At first, this seems like a quick and easy way to attach relevant records to people in your tree – and it is. The problem lies in the fact that when you ‘save’ a record this way, you are not really saving it at all. Instead, Ancestry is simply linking that record to the correct fact.

This causes two vital problems:

1. If you decide you want to download your tree as a gedcom and import the data into another family tree program (other than Family Tree Maker) you will not have any copies of these files.

2. If you stop subscribing to records on Ancestry, or access records during the a trial subscription and then don’t subscribe, you will no longer have access to these records if they were in a paid database — which most are. This is true even if you currently have a paid subscription that doesn’t cover the record you want to view (such as having a US only subscription when trying to view a record from England). You can read Ancestry’s statement about what happens when you cancel a subscription here.

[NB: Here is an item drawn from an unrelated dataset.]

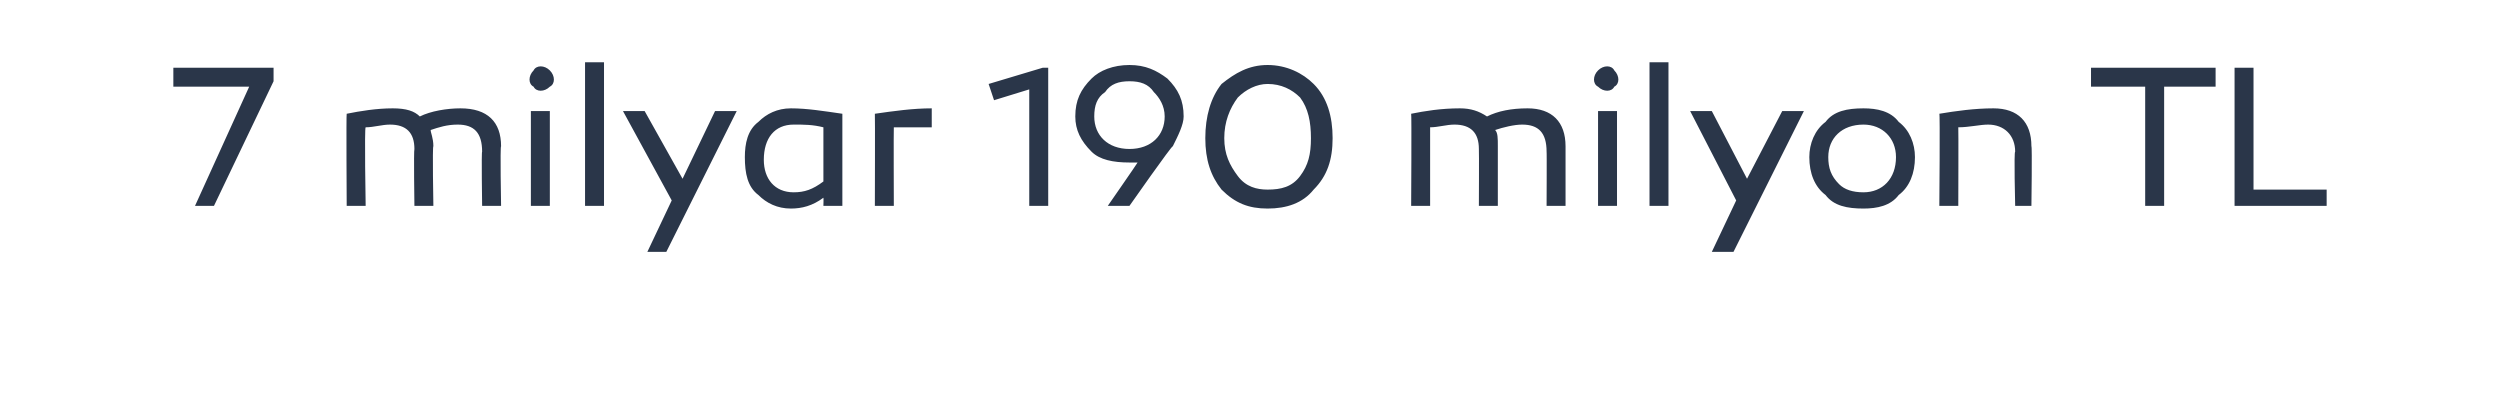 <?xml version="1.0" standalone="no"?><!DOCTYPE svg PUBLIC "-//W3C//DTD SVG 1.1//EN" "http://www.w3.org/Graphics/SVG/1.1/DTD/svg11.dtd"><svg xmlns="http://www.w3.org/2000/svg" version="1.1" width="92.3px" height="14.9px" viewBox="0 -2 92.3 14.9" style="top:-2px">  <desc>7 milyar 190 milyon TL</desc>  <defs/>  <g id="Polygon54541">    <path d="M 7.9 5.6 L 7.2 5.6 L 9.2 1.2 L 6.4 1.2 L 6.4 0.5 L 10.1 0.5 L 10.1 1 L 7.9 5.6 Z M 18.5 3.4 C 18.46 3.39 18.5 5.6 18.5 5.6 L 17.8 5.6 C 17.8 5.6 17.77 3.58 17.8 3.6 C 17.8 2.9 17.5 2.6 16.9 2.6 C 16.5 2.6 16.2 2.7 15.9 2.8 C 15.9 2.9 16 3.1 16 3.4 C 15.96 3.37 16 5.6 16 5.6 L 15.3 5.6 C 15.3 5.6 15.27 3.55 15.3 3.5 C 15.3 2.9 15 2.6 14.4 2.6 C 14.1 2.6 13.8 2.7 13.5 2.7 C 13.45 2.7 13.5 5.6 13.5 5.6 L 12.8 5.6 C 12.8 5.6 12.78 2.19 12.8 2.2 C 13.3 2.1 13.9 2 14.5 2 C 15 2 15.3 2.1 15.5 2.3 C 15.9 2.1 16.5 2 17 2 C 18 2 18.5 2.5 18.5 3.4 Z M 19.7 1.2 C 19.5 1.1 19.5 0.8 19.7 0.6 C 19.8 0.4 20.1 0.4 20.3 0.6 C 20.5 0.8 20.5 1.1 20.3 1.2 C 20.1 1.4 19.8 1.4 19.7 1.2 Z M 20.3 5.6 L 19.6 5.6 L 19.6 2.1 L 20.3 2.1 L 20.3 5.6 Z M 22.3 5.6 L 21.6 5.6 L 21.6 0.3 L 22.3 0.3 L 22.3 5.6 Z M 24.6 7.3 L 23.9 7.3 L 24.8 5.4 L 23 2.1 L 23.8 2.1 L 25.2 4.6 L 26.4 2.1 L 27.2 2.1 L 24.6 7.3 Z M 31.1 2.2 C 31.1 2.17 31.1 5.6 31.1 5.6 L 30.4 5.6 C 30.4 5.6 30.41 5.32 30.4 5.3 C 30 5.6 29.6 5.7 29.2 5.7 C 28.7 5.7 28.3 5.5 28 5.2 C 27.6 4.9 27.5 4.4 27.5 3.8 C 27.5 3.3 27.6 2.8 28 2.5 C 28.3 2.2 28.7 2 29.2 2 C 29.8 2 30.4 2.1 31.1 2.2 Z M 28.2 3.9 C 28.2 4.6 28.6 5.1 29.3 5.1 C 29.7 5.1 30 5 30.4 4.7 C 30.4 4.7 30.4 2.7 30.4 2.7 C 30 2.6 29.7 2.6 29.3 2.6 C 28.6 2.6 28.2 3.1 28.2 3.9 Z M 34.4 2.7 C 33.8 2.7 33.4 2.7 33 2.7 C 32.99 2.75 33 5.6 33 5.6 L 32.3 5.6 C 32.3 5.6 32.31 2.21 32.3 2.2 C 33 2.1 33.7 2 34.4 2 C 34.4 2 34.4 2.7 34.4 2.7 Z M 38 5.6 L 38 1.3 L 36.7 1.7 L 36.5 1.1 L 38.5 0.5 L 38.7 0.5 L 38.7 5.6 L 38 5.6 Z M 43.3 3.4 C 43.27 3.36 41.7 5.6 41.7 5.6 L 40.9 5.6 C 40.9 5.6 41.99 4.03 42 4 C 41.9 4 41.8 4 41.7 4 C 41.1 4 40.6 3.9 40.3 3.6 C 39.9 3.2 39.7 2.8 39.7 2.3 C 39.7 1.7 39.9 1.3 40.3 0.9 C 40.6 0.6 41.1 0.4 41.7 0.4 C 42.3 0.4 42.7 0.6 43.1 0.9 C 43.5 1.3 43.7 1.7 43.7 2.3 C 43.7 2.6 43.5 3 43.3 3.4 Z M 41.7 3.5 C 42.5 3.5 43 3 43 2.3 C 43 1.9 42.8 1.6 42.6 1.4 C 42.4 1.1 42.1 1 41.7 1 C 41.3 1 41 1.1 40.8 1.4 C 40.5 1.6 40.4 1.9 40.4 2.3 C 40.4 3 40.9 3.5 41.7 3.5 Z M 46.8 0.4 C 47.5 0.4 48.1 0.7 48.5 1.1 C 49 1.6 49.2 2.3 49.2 3.1 C 49.2 3.9 49 4.5 48.5 5 C 48.1 5.5 47.5 5.7 46.8 5.7 C 46.1 5.7 45.6 5.5 45.1 5 C 44.7 4.5 44.5 3.9 44.5 3.1 C 44.5 2.3 44.7 1.6 45.1 1.1 C 45.6 0.7 46.1 0.4 46.8 0.4 Z M 46.8 5 C 47.3 5 47.7 4.9 48 4.5 C 48.3 4.1 48.4 3.7 48.4 3.1 C 48.4 2.5 48.3 2 48 1.6 C 47.7 1.3 47.3 1.1 46.8 1.1 C 46.4 1.1 46 1.3 45.7 1.6 C 45.4 2 45.2 2.5 45.2 3.1 C 45.2 3.7 45.4 4.1 45.7 4.5 C 46 4.9 46.4 5 46.8 5 Z M 57.8 3.4 C 57.8 3.39 57.8 5.6 57.8 5.6 L 57.1 5.6 C 57.1 5.6 57.11 3.58 57.1 3.6 C 57.1 2.9 56.8 2.6 56.2 2.6 C 55.9 2.6 55.5 2.7 55.2 2.8 C 55.3 2.9 55.3 3.1 55.3 3.4 C 55.3 3.37 55.3 5.6 55.3 5.6 L 54.6 5.6 C 54.6 5.6 54.61 3.55 54.6 3.5 C 54.6 2.9 54.3 2.6 53.7 2.6 C 53.4 2.6 53.1 2.7 52.8 2.7 C 52.8 2.7 52.8 5.6 52.8 5.6 L 52.1 5.6 C 52.1 5.6 52.12 2.19 52.1 2.2 C 52.6 2.1 53.2 2 53.9 2 C 54.3 2 54.6 2.1 54.9 2.3 C 55.3 2.1 55.8 2 56.4 2 C 57.3 2 57.8 2.5 57.8 3.4 Z M 59 1.2 C 58.8 1.1 58.8 0.8 59 0.6 C 59.2 0.4 59.5 0.4 59.6 0.6 C 59.8 0.8 59.8 1.1 59.6 1.2 C 59.5 1.4 59.2 1.4 59 1.2 Z M 59.7 5.6 L 59 5.6 L 59 2.1 L 59.7 2.1 L 59.7 5.6 Z M 61.6 5.6 L 60.9 5.6 L 60.9 0.3 L 61.6 0.3 L 61.6 5.6 Z M 64 7.3 L 63.2 7.3 L 64.1 5.4 L 62.4 2.1 L 63.2 2.1 L 64.5 4.6 L 65.8 2.1 L 66.6 2.1 L 64 7.3 Z M 70.1 5.2 C 69.8 5.6 69.3 5.7 68.8 5.7 C 68.2 5.7 67.7 5.6 67.4 5.2 C 67 4.9 66.8 4.4 66.8 3.8 C 66.8 3.3 67 2.8 67.4 2.5 C 67.7 2.1 68.2 2 68.8 2 C 69.3 2 69.8 2.1 70.1 2.5 C 70.5 2.8 70.7 3.3 70.7 3.8 C 70.7 4.4 70.5 4.9 70.1 5.2 Z M 68.8 2.6 C 68 2.6 67.5 3.1 67.5 3.8 C 67.5 4.2 67.6 4.5 67.9 4.8 C 68.1 5 68.4 5.1 68.8 5.1 C 69.5 5.1 70 4.6 70 3.8 C 70 3.1 69.5 2.6 68.8 2.6 Z M 75 3.4 C 75.03 3.39 75 5.6 75 5.6 L 74.4 5.6 C 74.4 5.6 74.35 3.58 74.4 3.6 C 74.4 3 74 2.6 73.4 2.6 C 73.1 2.6 72.7 2.7 72.3 2.7 C 72.31 2.71 72.3 5.6 72.3 5.6 L 71.6 5.6 C 71.6 5.6 71.63 2.17 71.6 2.2 C 72.2 2.1 72.9 2 73.6 2 C 74.5 2 75 2.5 75 3.4 Z M 79.9 5.6 L 79.2 5.6 L 79.2 1.2 L 77.2 1.2 L 77.2 0.5 L 81.8 0.5 L 81.8 1.2 L 79.9 1.2 L 79.9 5.6 Z M 82.5 5.6 L 82.5 0.5 L 83.2 0.5 L 83.2 5 L 85.9 5 L 85.9 5.6 L 82.5 5.6 Z " stroke="none" fill="#2a3649"/>  </g></svg>

If you have been using Ancestry for awhile you may already be aware of this and have taken actions to secure these documents. But it can be surprisingly easy to overlook this fact and be left wondering why you no longer have access to a record you saved to your tree.

We respect that Ancestry has to support their site by limiting access to records, but we wish this fact was clearer to subscribers.

The first thing to know is that you can download records to your own computer for safe keeping.

Here’s how to download the records so you’ll have access to them later.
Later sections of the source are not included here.